What must be handed in is the entire listing, exactly as written, with no pictures.

= = = = =

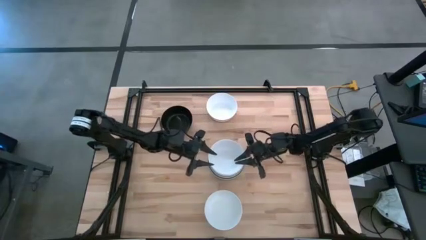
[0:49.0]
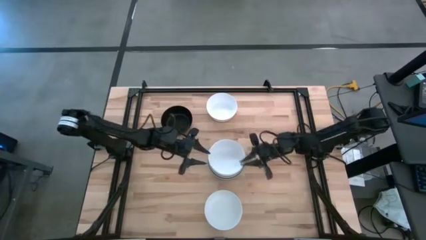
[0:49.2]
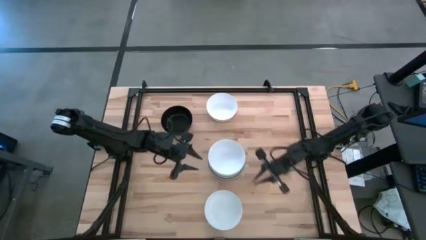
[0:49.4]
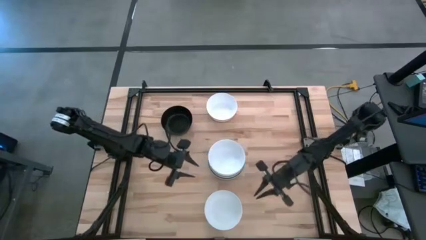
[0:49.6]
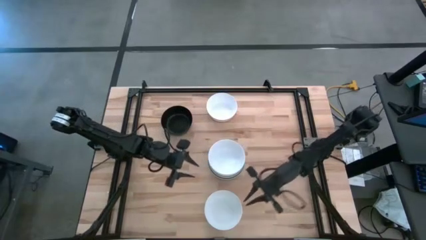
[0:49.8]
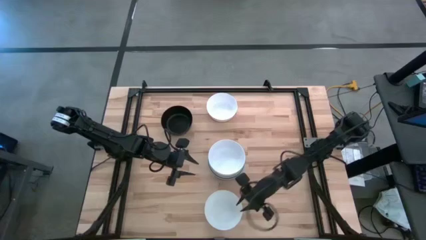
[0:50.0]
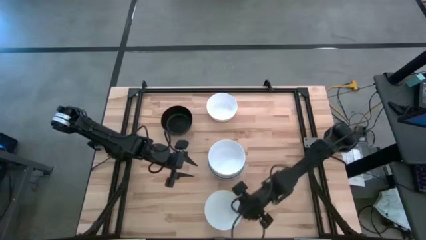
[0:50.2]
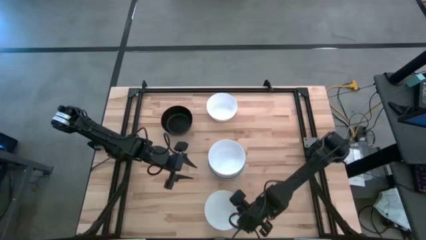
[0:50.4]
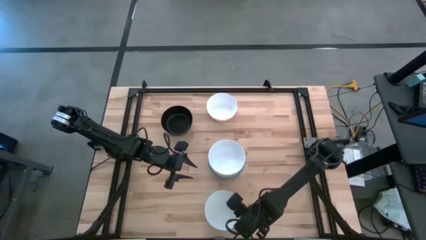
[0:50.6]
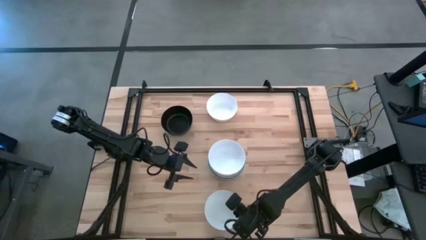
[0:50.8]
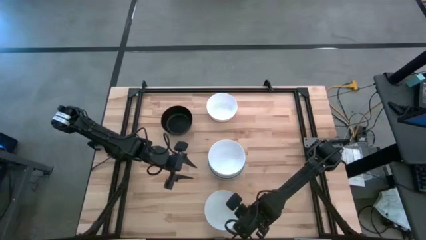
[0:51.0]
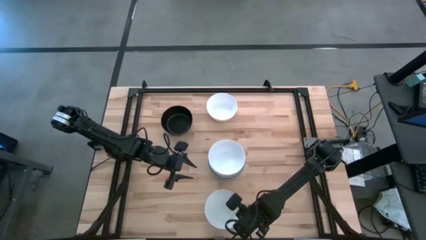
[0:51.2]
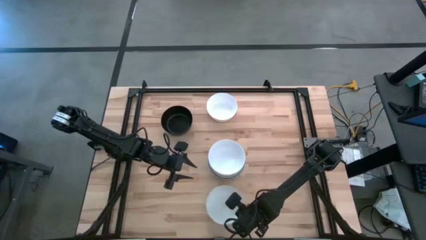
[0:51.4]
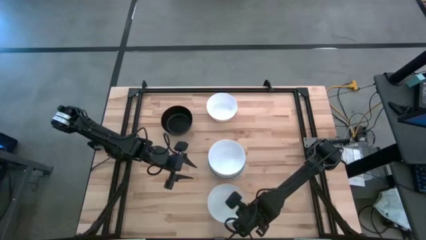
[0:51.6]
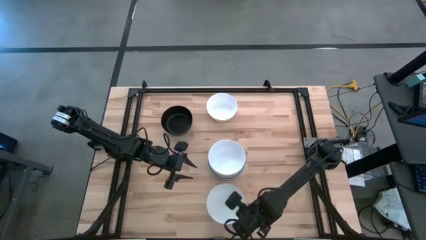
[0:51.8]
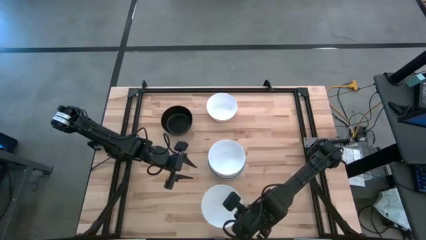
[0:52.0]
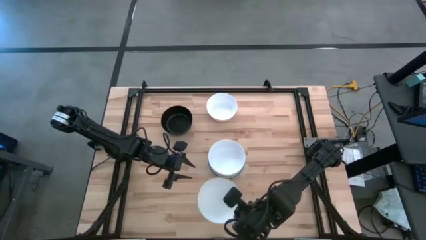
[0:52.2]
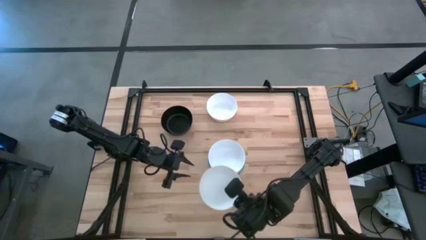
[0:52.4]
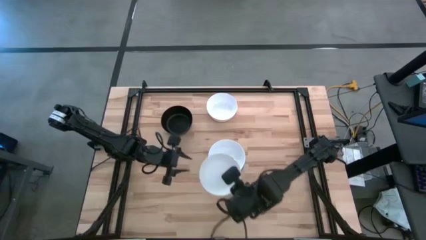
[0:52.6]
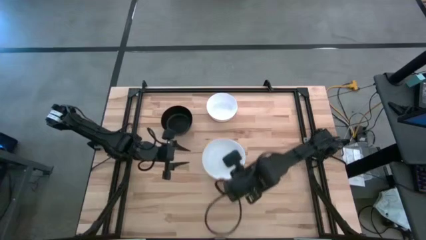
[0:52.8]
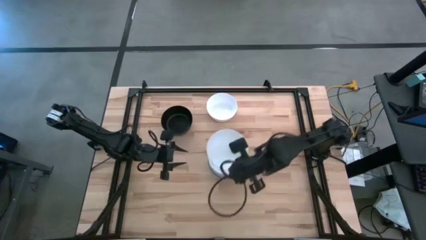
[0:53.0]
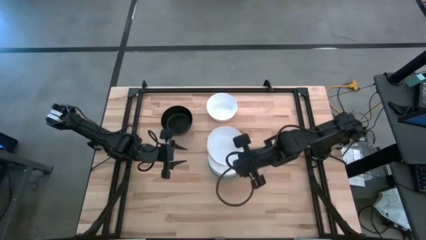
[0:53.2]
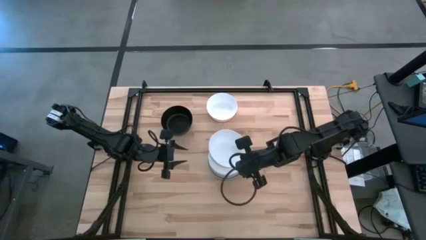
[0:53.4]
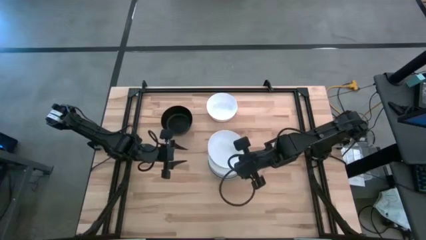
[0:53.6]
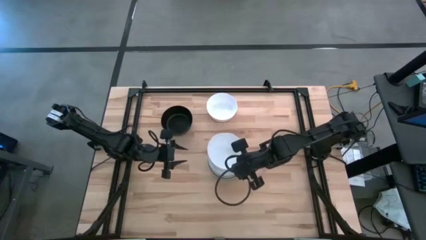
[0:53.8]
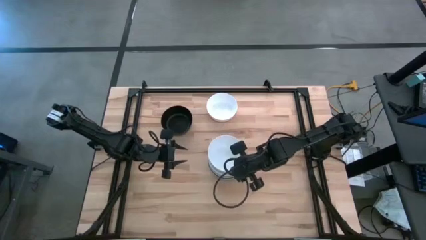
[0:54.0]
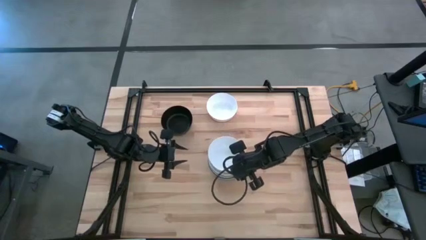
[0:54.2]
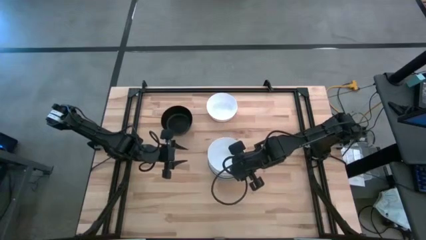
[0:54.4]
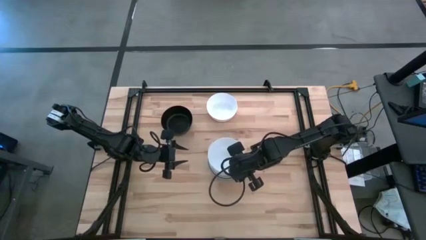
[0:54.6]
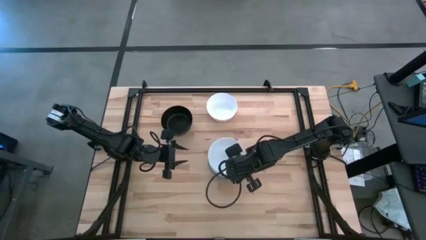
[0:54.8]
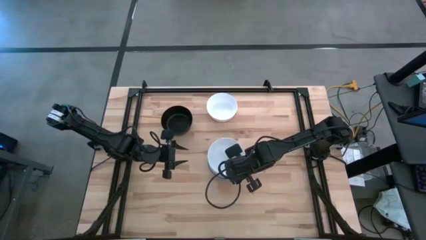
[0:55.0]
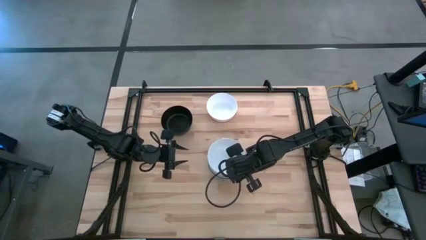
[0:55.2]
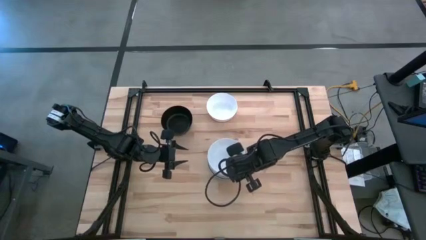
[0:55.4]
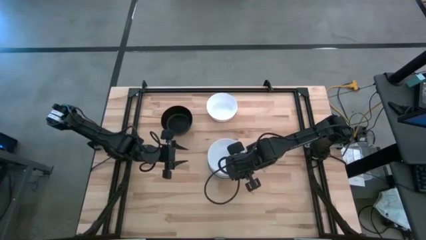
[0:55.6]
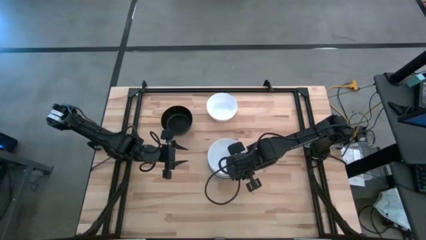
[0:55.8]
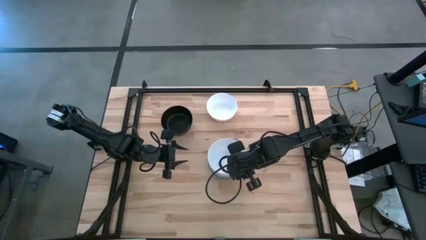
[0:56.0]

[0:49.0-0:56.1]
Task: Nest bowls inside each other
Stack the white bowl on top of the white bowl

= = = = =

**Task output**
[0:49.0]
[0:49.2]
[0:49.4]
[0:49.6]
[0:49.8]
[0:50.0]
[0:50.2]
[0:50.4]
[0:50.6]
[0:50.8]
[0:51.0]
[0:51.2]
[0:51.4]
[0:51.6]
[0:51.8]
[0:52.0]
[0:52.2]
[0:52.4]
[0:52.6]
[0:52.8]
[0:53.0]
[0:53.2]
[0:53.4]
[0:53.6]
[0:53.8]
[0:54.0]
[0:54.2]
[0:54.4]
[0:54.6]
[0:54.8]
[0:55.0]
[0:55.2]
[0:55.4]
[0:55.6]
[0:55.8]
[0:56.0]

[0:49.0-0:56.1]
Task: Nest bowls inside each other
Stack the white bowl on top of the white bowl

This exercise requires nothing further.